- Information provided:
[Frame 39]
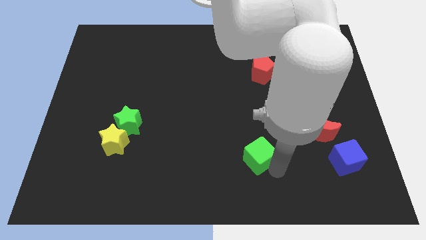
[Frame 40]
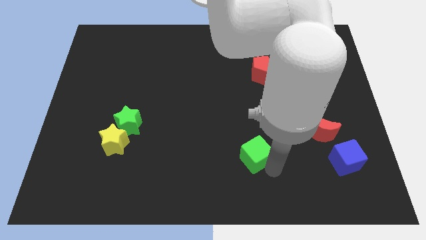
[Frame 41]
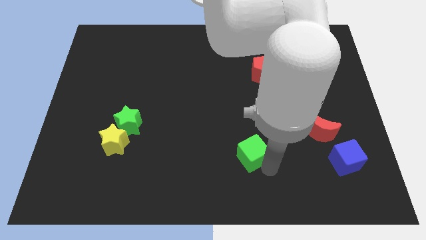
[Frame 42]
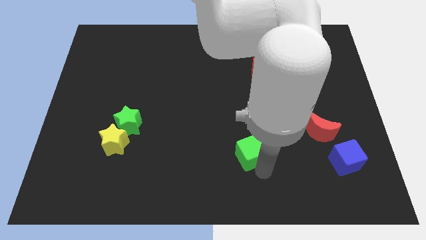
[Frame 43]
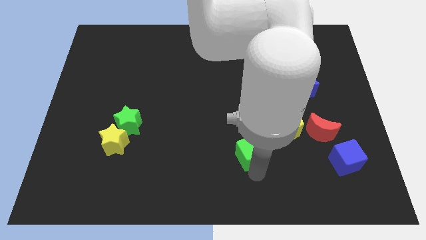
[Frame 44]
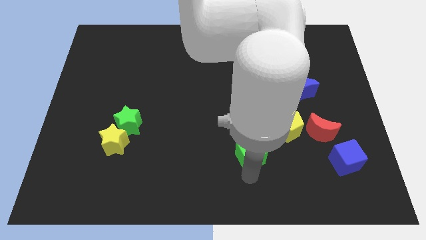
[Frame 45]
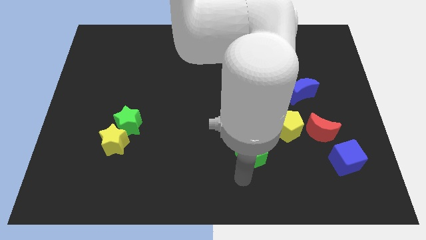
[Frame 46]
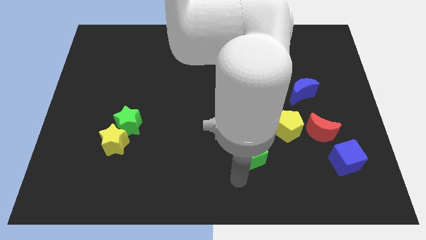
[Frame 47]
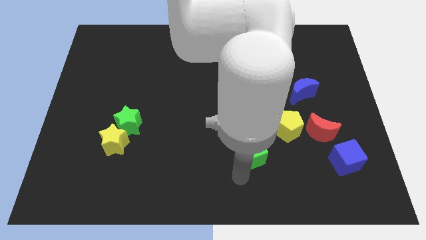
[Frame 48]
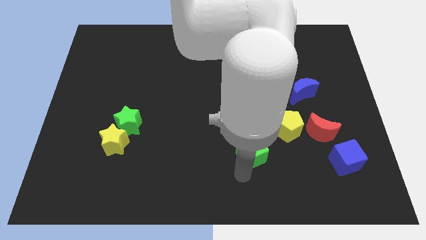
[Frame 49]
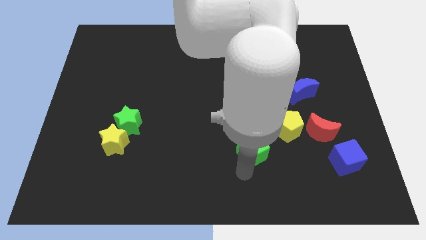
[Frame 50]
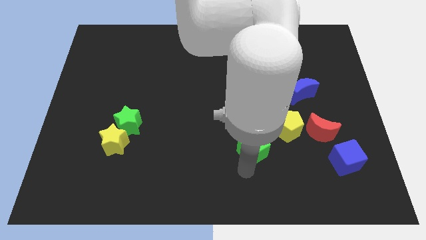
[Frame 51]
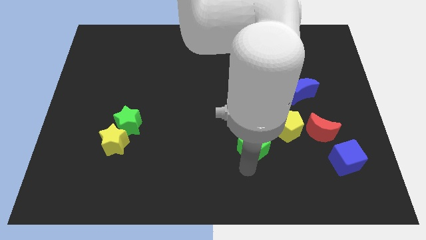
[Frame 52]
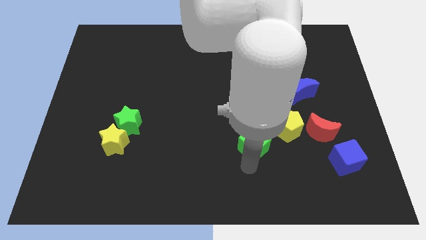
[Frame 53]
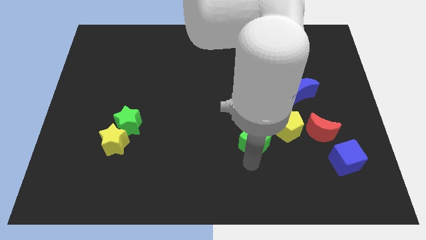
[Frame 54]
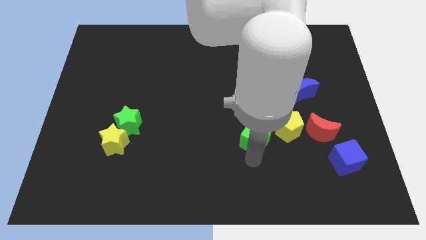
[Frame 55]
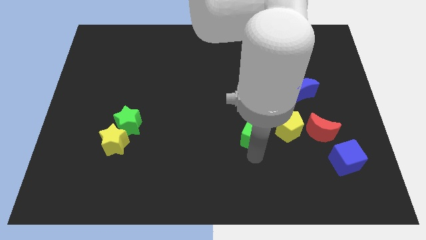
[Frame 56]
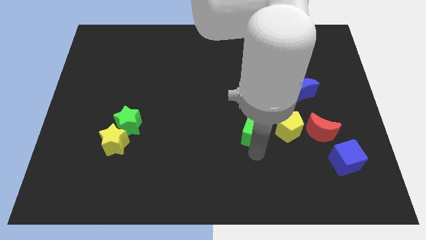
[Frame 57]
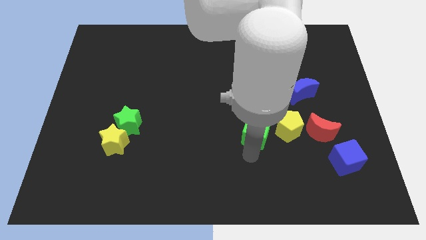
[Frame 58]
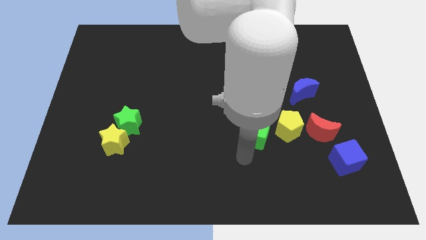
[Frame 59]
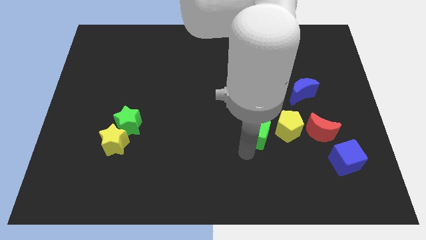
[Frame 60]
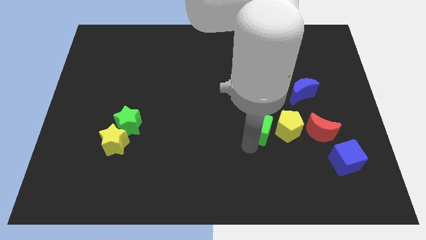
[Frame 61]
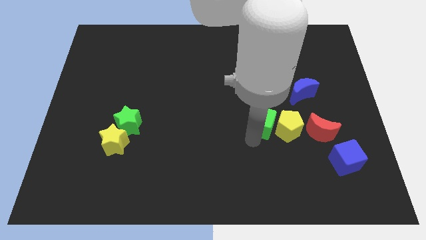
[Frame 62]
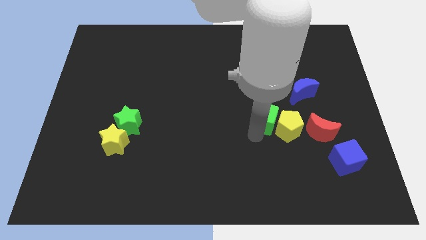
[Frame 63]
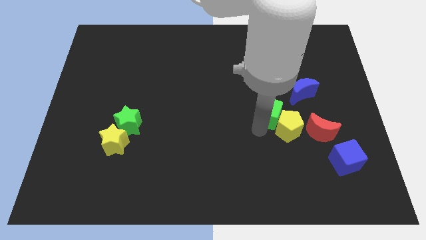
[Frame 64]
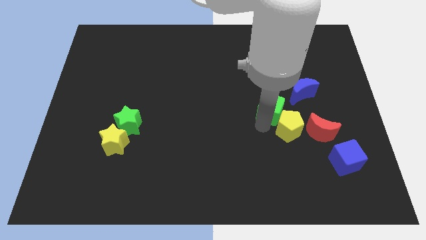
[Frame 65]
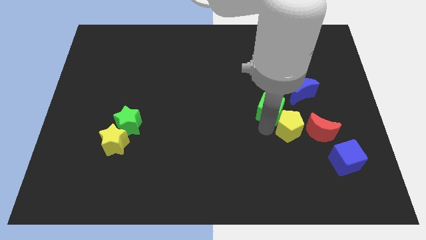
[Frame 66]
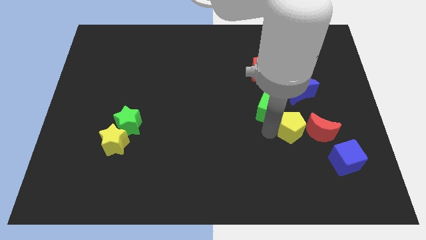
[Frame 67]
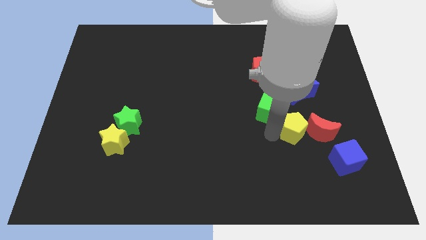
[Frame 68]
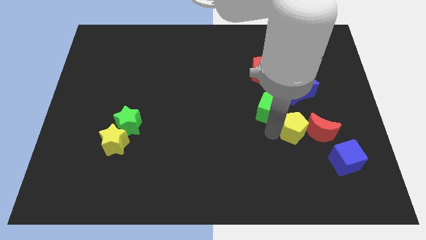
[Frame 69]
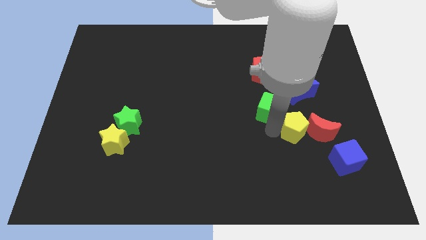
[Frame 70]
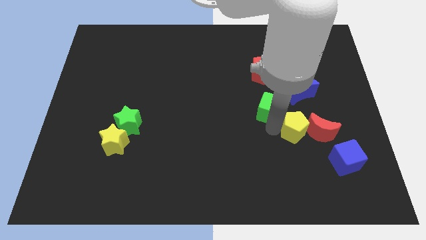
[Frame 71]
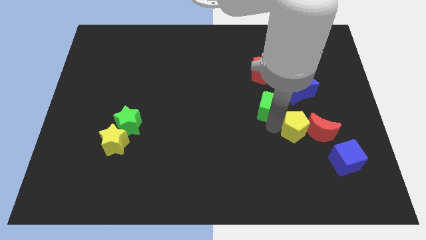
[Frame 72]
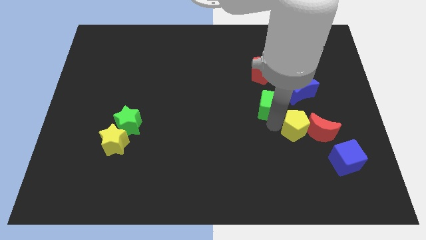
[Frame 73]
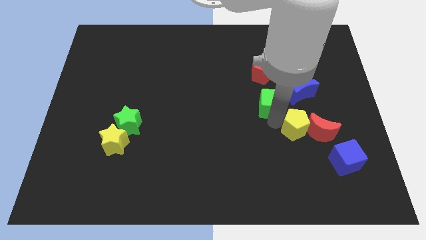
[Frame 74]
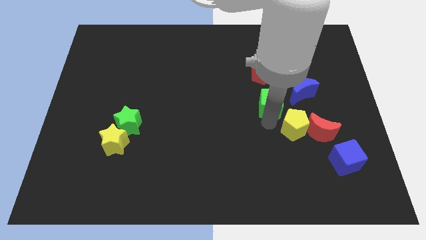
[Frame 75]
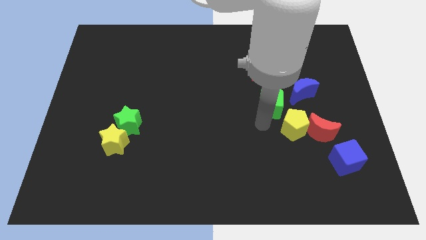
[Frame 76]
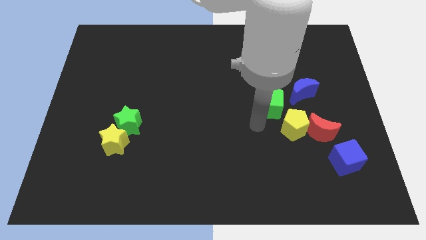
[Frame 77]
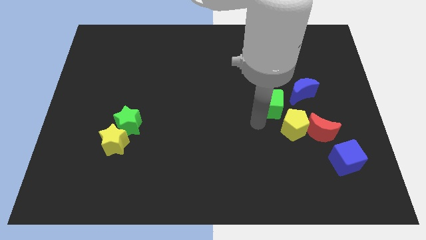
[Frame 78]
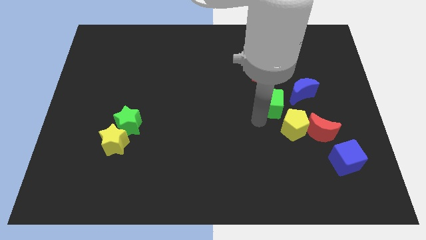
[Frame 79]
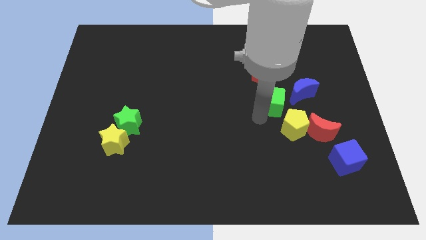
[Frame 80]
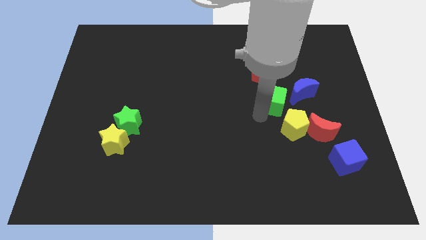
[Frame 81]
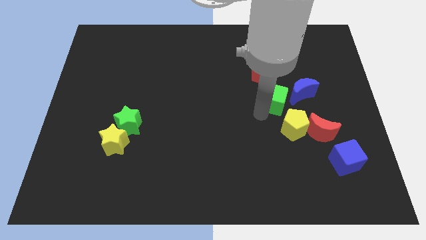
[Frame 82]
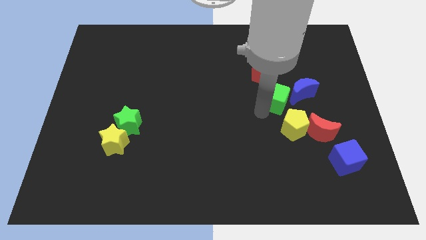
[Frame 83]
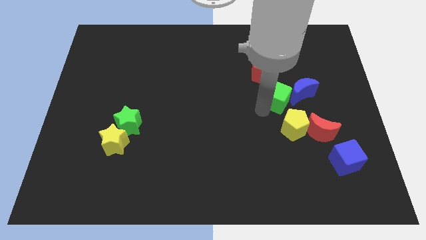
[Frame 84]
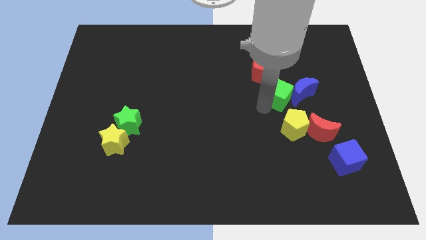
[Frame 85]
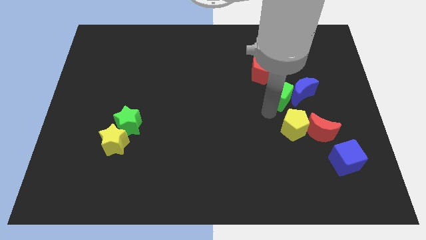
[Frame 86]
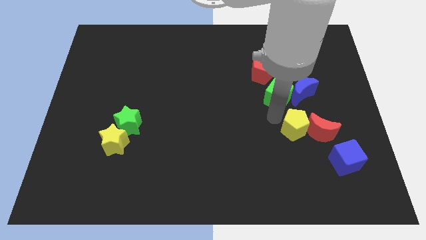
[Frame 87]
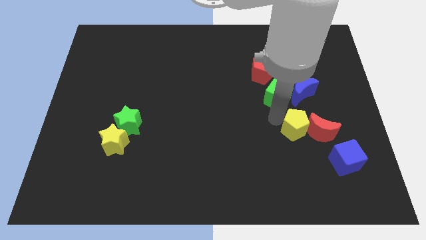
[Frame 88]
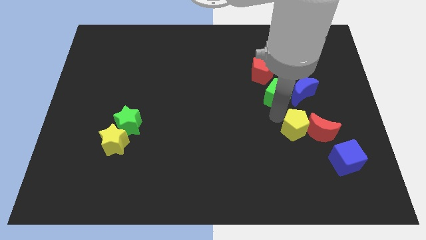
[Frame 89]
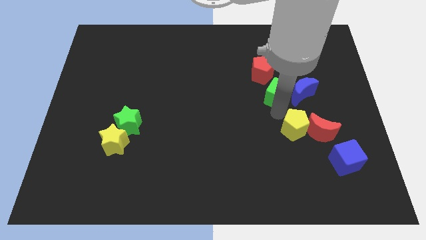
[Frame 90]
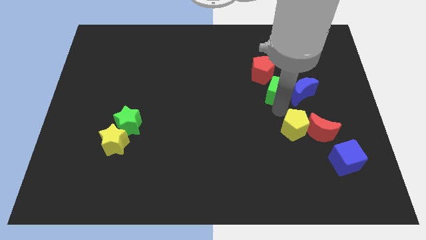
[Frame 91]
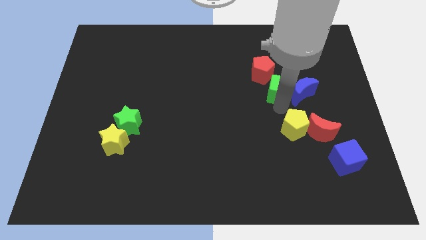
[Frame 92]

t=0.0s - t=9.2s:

- To do:
All of the entries need to be retyped word for word, pictures excluded.

- Your response:
[Frame 39]
[Frame 40]
[Frame 41]
[Frame 42]
[Frame 43]
[Frame 44]
[Frame 45]
[Frame 46]
[Frame 47]
[Frame 48]
[Frame 49]
[Frame 50]
[Frame 51]
[Frame 52]
[Frame 53]
[Frame 54]
[Frame 55]
[Frame 56]
[Frame 57]
[Frame 58]
[Frame 59]
[Frame 60]
[Frame 61]
[Frame 62]
[Frame 63]
[Frame 64]
[Frame 65]
[Frame 66]
[Frame 67]
[Frame 68]
[Frame 69]
[Frame 70]
[Frame 71]
[Frame 72]
[Frame 73]
[Frame 74]
[Frame 75]
[Frame 76]
[Frame 77]
[Frame 78]
[Frame 79]
[Frame 80]
[Frame 81]
[Frame 82]
[Frame 83]
[Frame 84]
[Frame 85]
[Frame 86]
[Frame 87]
[Frame 88]
[Frame 89]
[Frame 90]
[Frame 91]
[Frame 92]

t=0.0s - t=9.2s:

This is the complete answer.